Berry, in return, gets $1.33 million under an agreed-upon appraisal, or about $18,575 an acre. He currently leases the land for farming, a use that can continue.
“The property is special,” said Pamela Brown, French & Pickering’s conservation director. “It is visually beautiful. It has great scenic views from two major roads in the township. It has a tributary to the Pickering Creek. It has forest; it has wildlife habitat; it has agricultural land.”
More specifically, the Berry property includes 12.6 acres of woods, 50.7 acres of prime agricultural land, and a half-mile of the unnamed tributary, designated as having high-quality water by the Pennsylvania Department of Environmental Protection.
The nonprofit French & Pickering trust and township co-hold the conservation easement on the land.

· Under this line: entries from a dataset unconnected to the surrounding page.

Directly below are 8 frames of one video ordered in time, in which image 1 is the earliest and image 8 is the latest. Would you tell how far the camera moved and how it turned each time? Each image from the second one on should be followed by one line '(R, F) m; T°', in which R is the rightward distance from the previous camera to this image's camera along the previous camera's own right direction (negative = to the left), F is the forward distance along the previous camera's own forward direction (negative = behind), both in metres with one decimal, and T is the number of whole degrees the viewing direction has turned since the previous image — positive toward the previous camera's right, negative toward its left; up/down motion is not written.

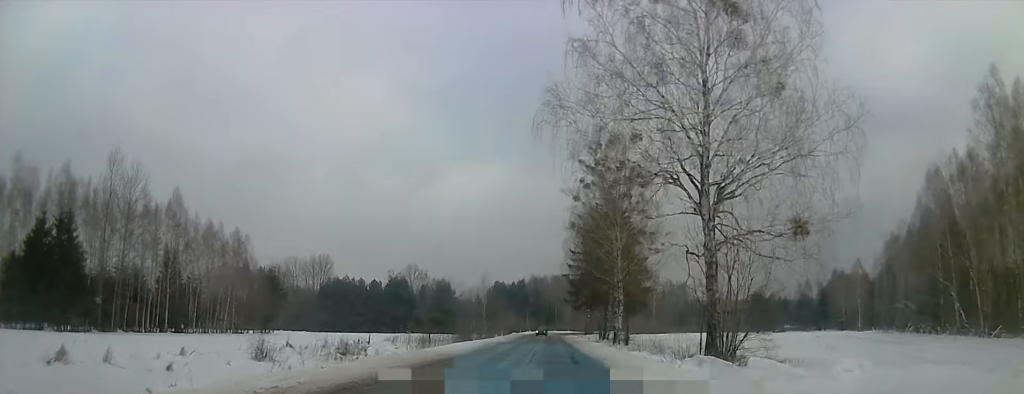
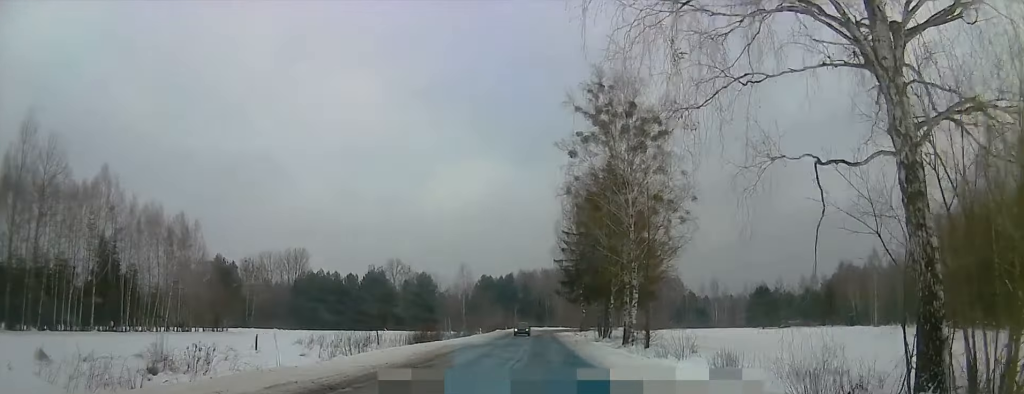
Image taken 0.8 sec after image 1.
(0.0, +15.0) m; +2°
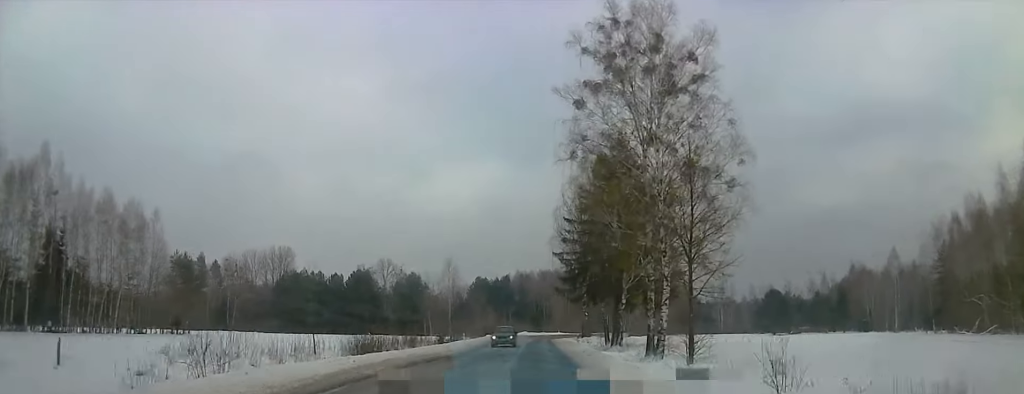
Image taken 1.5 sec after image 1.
(+0.4, +11.9) m; +2°
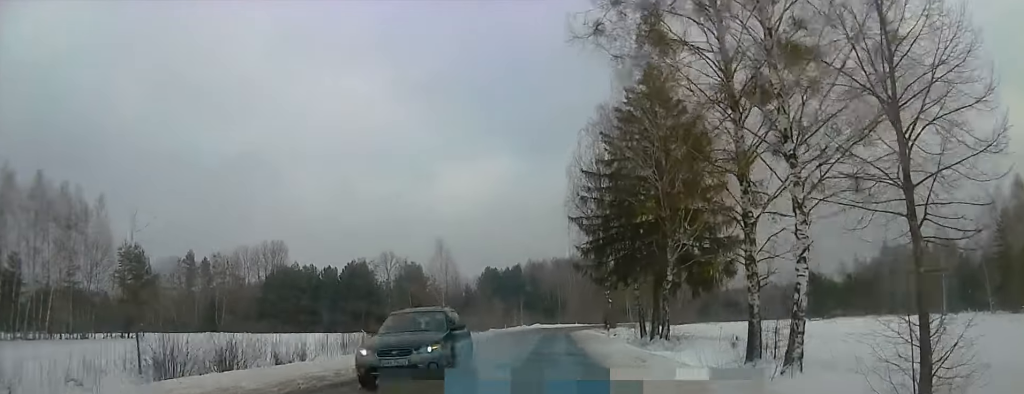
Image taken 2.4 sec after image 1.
(+0.3, +15.5) m; +1°
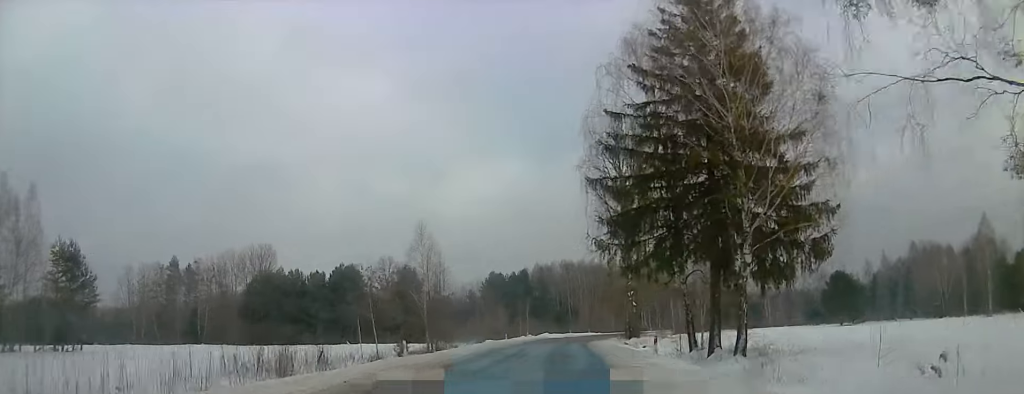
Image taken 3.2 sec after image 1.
(0.0, +14.9) m; 0°
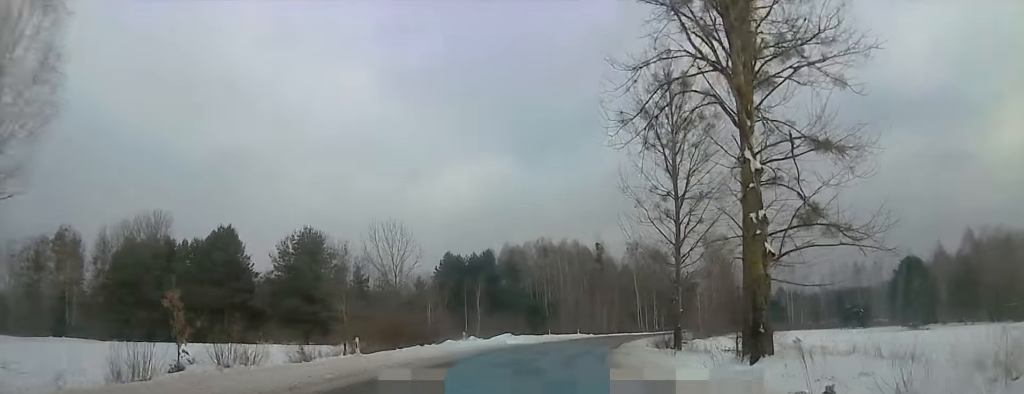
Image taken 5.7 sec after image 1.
(0.0, +44.6) m; 0°
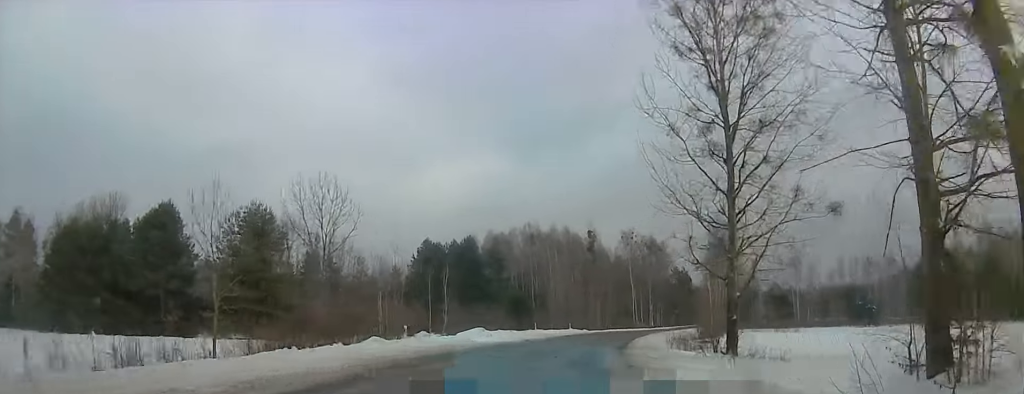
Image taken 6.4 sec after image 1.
(0.0, +13.1) m; 0°
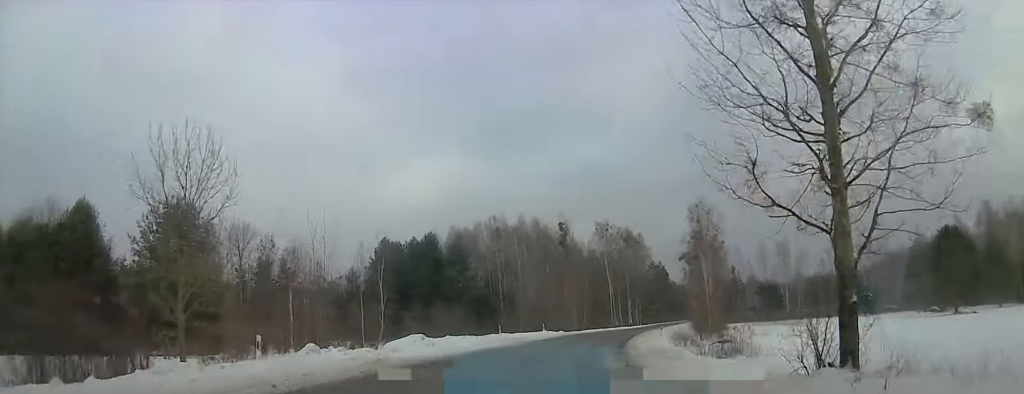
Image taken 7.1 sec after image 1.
(0.0, +11.4) m; 0°

The trust works with landowners, townships, foundations, and the state and county to purchase and monitor conservation easements as a way to preserve environmentally sensitive land. The easements mean preserved land can never be developed and lock in how it can be used by current and subsequent owners.
Earlier this month, the trust announced another conservation easement, also in Charlestown, of 111 acres covering two parcels off Charlestown Road owned by brothers Christopher, Nicholas, and Geoffrey Crowell. The easement eliminates high-density development rights on the scenic land. Part of the deal was completed in 2021 and part in March.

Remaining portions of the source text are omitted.